Unlike static documentation, this context cannot always be pre-created for every possible request. Instead, it must be crafted on demand at each stage, with varying levels of depth depending on the problem being solved. However, the extracted information must come from structured, machine-readable sources to make this process scalable and automatic.
The best sources of context are metadata embedded within technical systems. In this article, we’ve discussed databases and APIs as examples:
• Databases: Most database systems support comments and annotations on tables, columns, constraints, and other objects. 👉 Extracting context information becomes a simple query operation if meaningful descriptions are attached to these objects. Instead of relying on external documentation, we can systematically query metadata from the database itself.
• APIs: OpenAPI specifications and tools like Swagger provide structured documentation that describes API endpoints, expected parameters, return values, and error responses. While these specs primarily focus on technical aspects, they also support embedded comments. Just as database fields can be annotated, API documentation should not just describe the technical parameters but also explain their business purpose.
In both cases, meta comments become key. Developers often document function signatures, API parameters, and SQL schemas, but those alone are not enough.
The missing piece is business context—information explaining how a particular table, API, or constraint contributes to solving a real-world business problem.
For example:
• A database constraint might enforce a rule limiting the number of discounts a customer can apply, but the business intent is to prevent fraudulent usage.
• An API parameter might accept an account ID, but the real meaning is to compartmentalize information and prevent data leaking.
Who writes the Annotations?
While technical metadata can be extracted automatically, higher-level business information must be authored manually.
This embedded documentation should not be written by developers alone—it requires collaboration with business analysts, product owners, and domain experts who understand the WHY behind the data and APIs.

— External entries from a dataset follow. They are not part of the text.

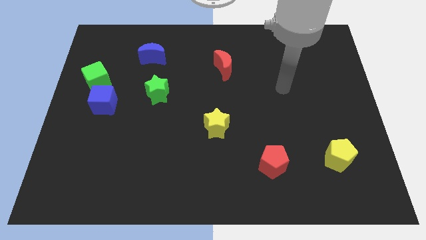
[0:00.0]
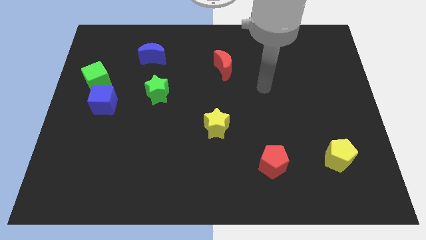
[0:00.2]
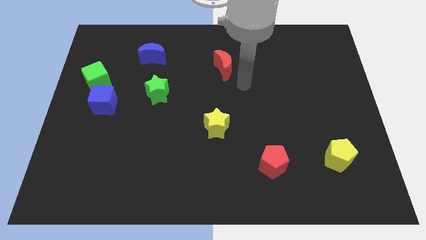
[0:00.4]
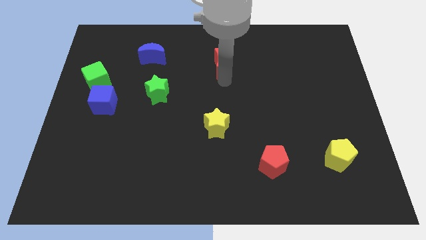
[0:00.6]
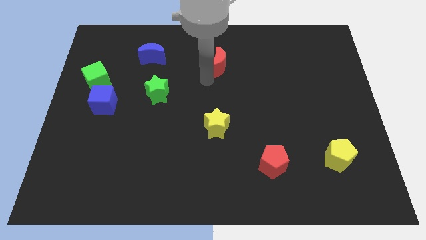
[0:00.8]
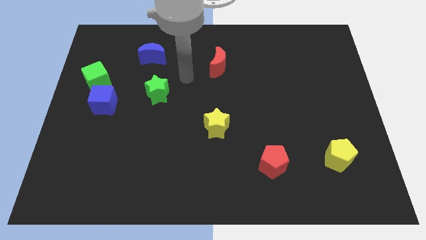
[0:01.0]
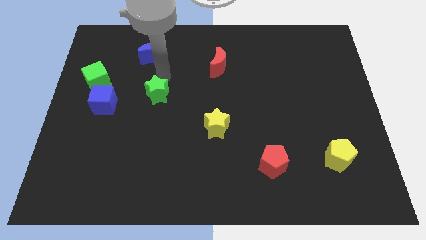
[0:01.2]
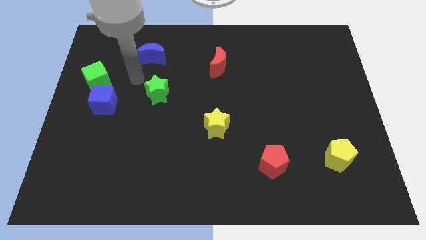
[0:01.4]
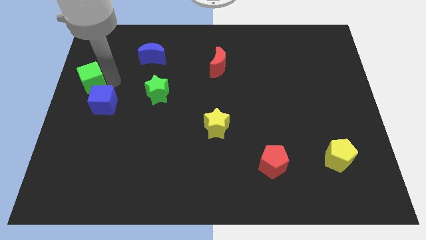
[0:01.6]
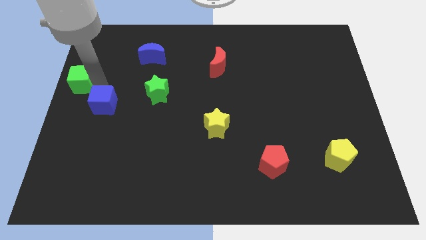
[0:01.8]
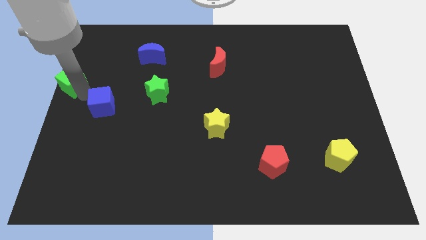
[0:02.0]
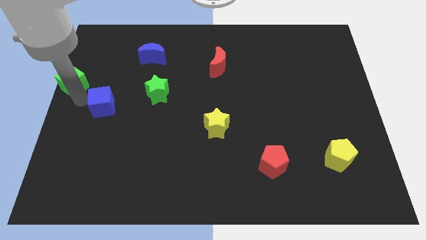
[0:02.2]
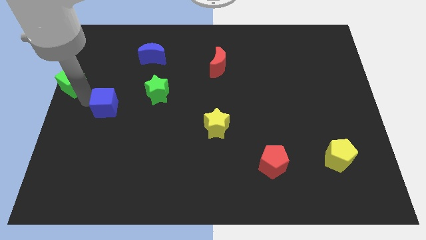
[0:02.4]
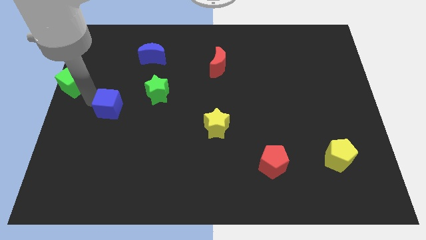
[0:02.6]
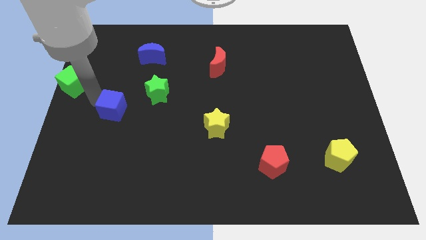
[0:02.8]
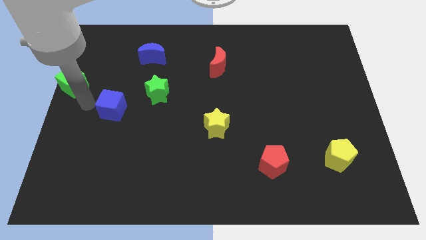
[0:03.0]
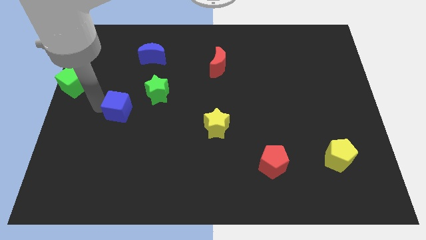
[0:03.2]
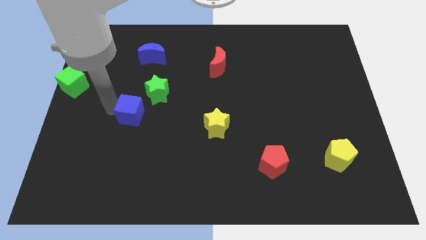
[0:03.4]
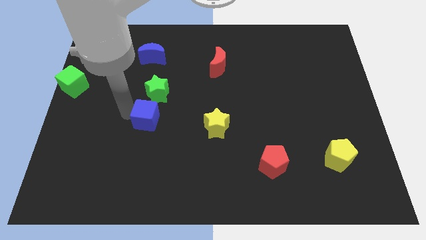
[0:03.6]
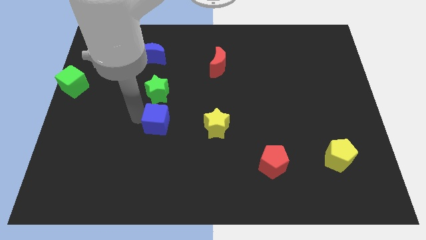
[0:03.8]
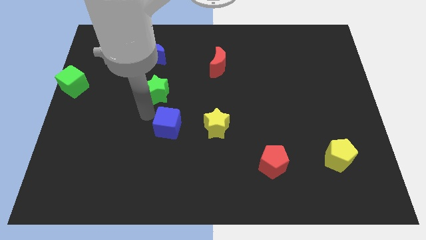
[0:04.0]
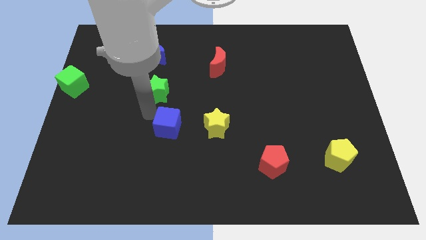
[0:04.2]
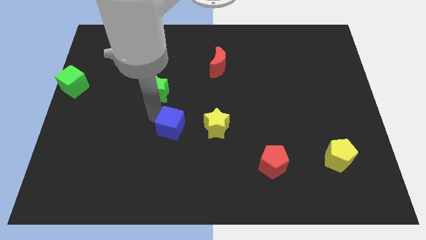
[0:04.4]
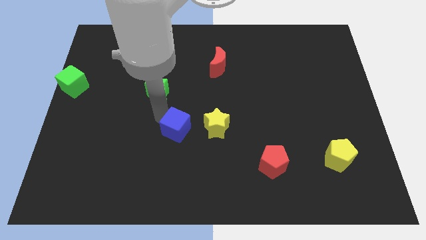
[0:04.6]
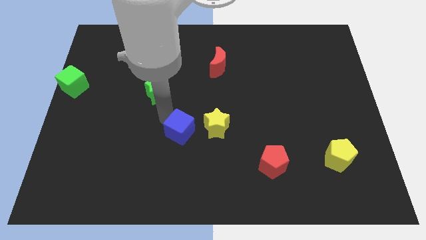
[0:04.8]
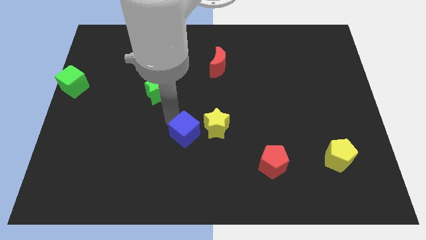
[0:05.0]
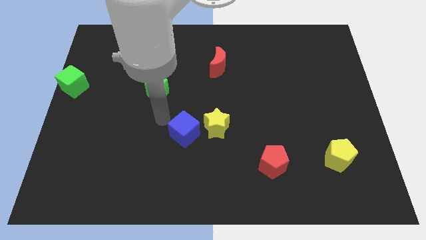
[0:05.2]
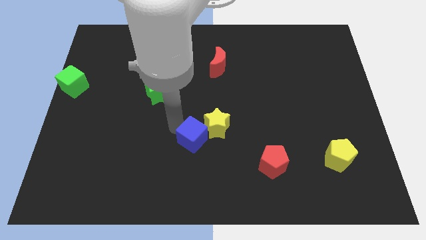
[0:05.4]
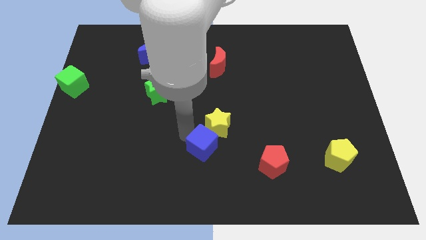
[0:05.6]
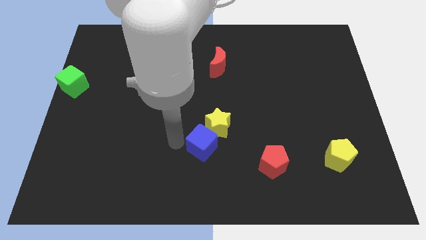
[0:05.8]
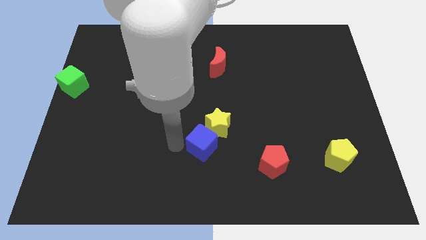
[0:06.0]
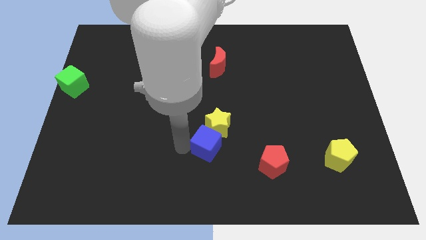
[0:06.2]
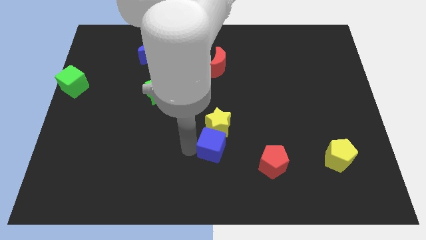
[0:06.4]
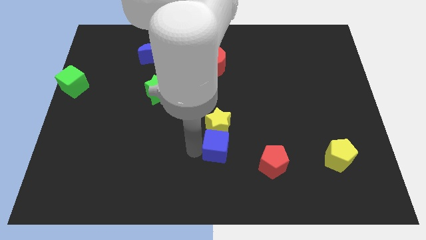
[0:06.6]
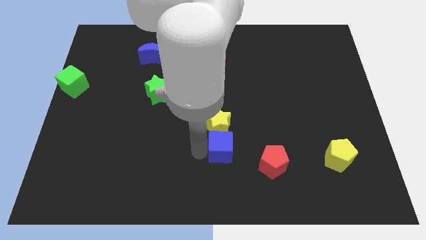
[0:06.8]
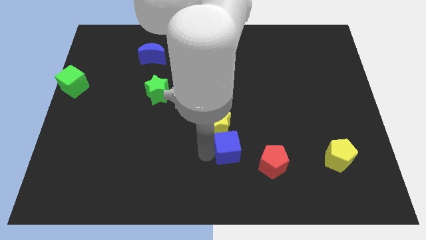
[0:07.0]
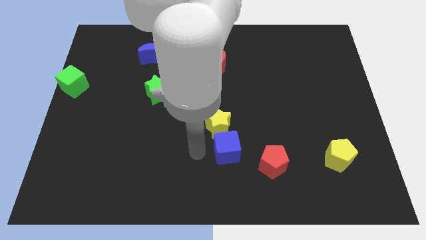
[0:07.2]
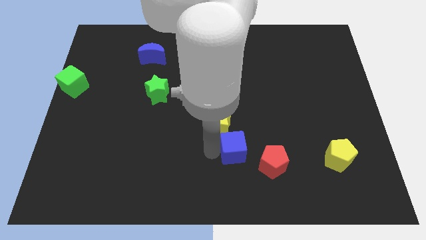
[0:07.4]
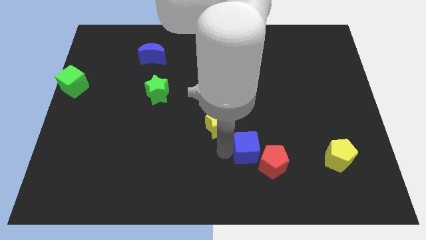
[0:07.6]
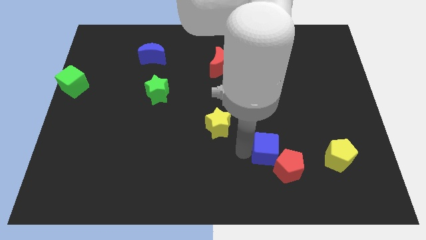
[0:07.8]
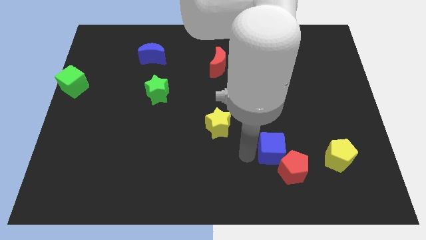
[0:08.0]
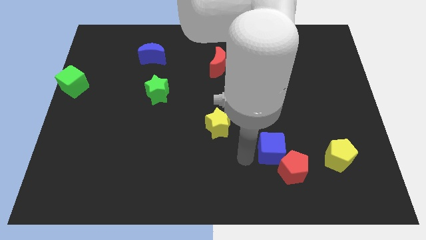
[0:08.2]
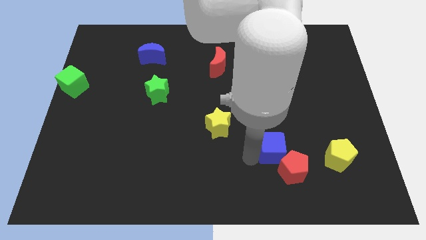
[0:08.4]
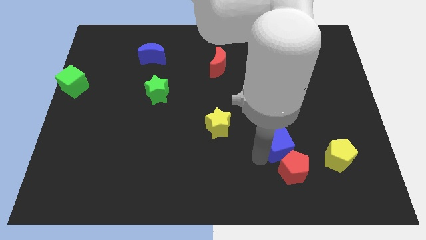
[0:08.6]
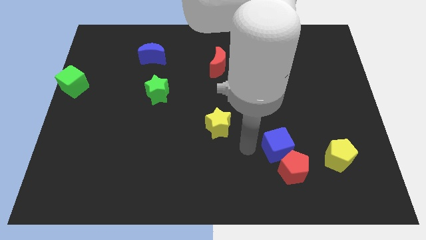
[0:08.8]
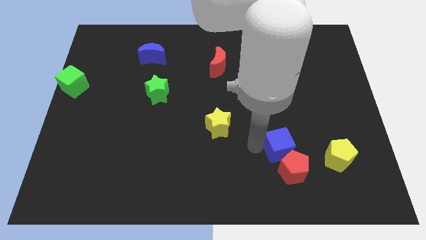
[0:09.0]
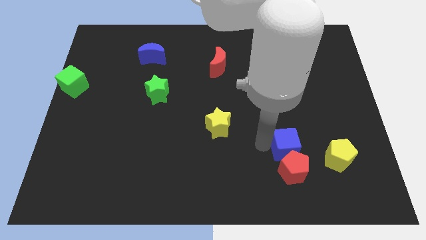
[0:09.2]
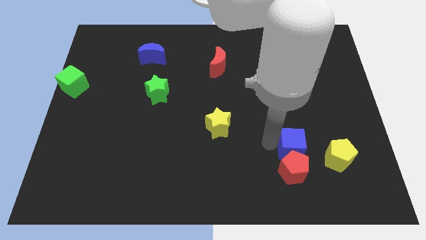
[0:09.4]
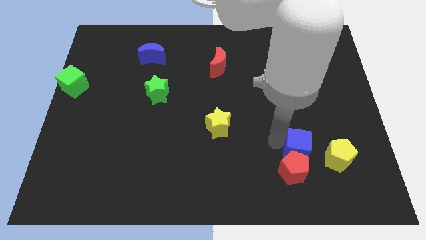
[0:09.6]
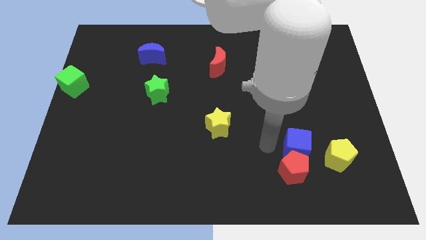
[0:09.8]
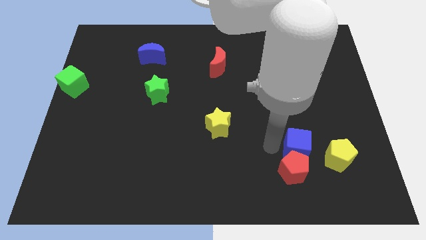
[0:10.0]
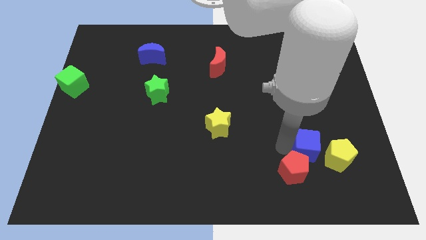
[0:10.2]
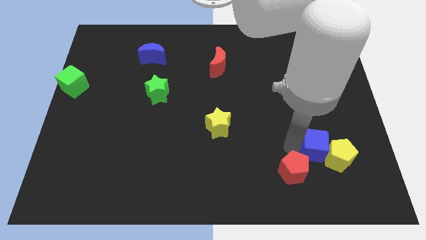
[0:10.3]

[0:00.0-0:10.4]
slide the blue cube close to the yellow pentagon

By integrating business intent into structured metadata, we enable agentic workflows to automatically extract the proper context for each layer of the process:
• Low-level context (e.g., list of fields, data types, API parameters) can be extracted and processed directly.

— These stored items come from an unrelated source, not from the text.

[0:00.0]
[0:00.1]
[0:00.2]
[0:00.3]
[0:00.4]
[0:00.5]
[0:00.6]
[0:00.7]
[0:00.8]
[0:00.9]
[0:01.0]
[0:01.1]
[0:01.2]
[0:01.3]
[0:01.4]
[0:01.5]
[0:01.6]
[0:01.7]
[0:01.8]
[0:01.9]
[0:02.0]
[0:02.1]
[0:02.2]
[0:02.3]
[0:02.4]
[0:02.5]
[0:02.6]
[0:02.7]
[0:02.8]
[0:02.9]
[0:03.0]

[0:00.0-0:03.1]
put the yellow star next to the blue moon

• High-level context (e.g., how an API or table contributes to a business objective) must be annotated manually and retrieved when needed.
🚧 It is crucial to note that while low-level context can be fully automated (changing a property in the code will correctly regenerate the Swagger), all the business annotations must be maintained and periodically reviewed. If we don't do so, we send the wrong information to the LLM, leading to wrong answers.
What about documentation?
Historically, people write code in a repo and then write documentation elsewhere.
Updating a codebase requires the effort of updating the connected documentation. It's already difficult to remember to do so, and it's almost impossible to remember where that particular Word document or Confluence page is.
Documentation is tough.
But there is a silver lining here. Suppose we decorate our technical sources (DBs, APIs) with enough metadata so an LLM can determine how to chain queries or calls. In that case, we've already written enough for another LLM to produce and update that Word document.
🕊️ By crafting good business-oriented annotations, we can get two birds with one stone:
- Chatbot interface to complex problem-solving
- Generate (and UPDATE) discoursive and human-level documentation
Although the Chatbot may seem to make documentation irrelevant, that is just wishful thinking: Even the best-performing chatbot needs human input to produce value.
You need to know what to ask. So, you still need an introduction to a new domain.
In the end, it is still you driving the car.
Even when the car does all the steering.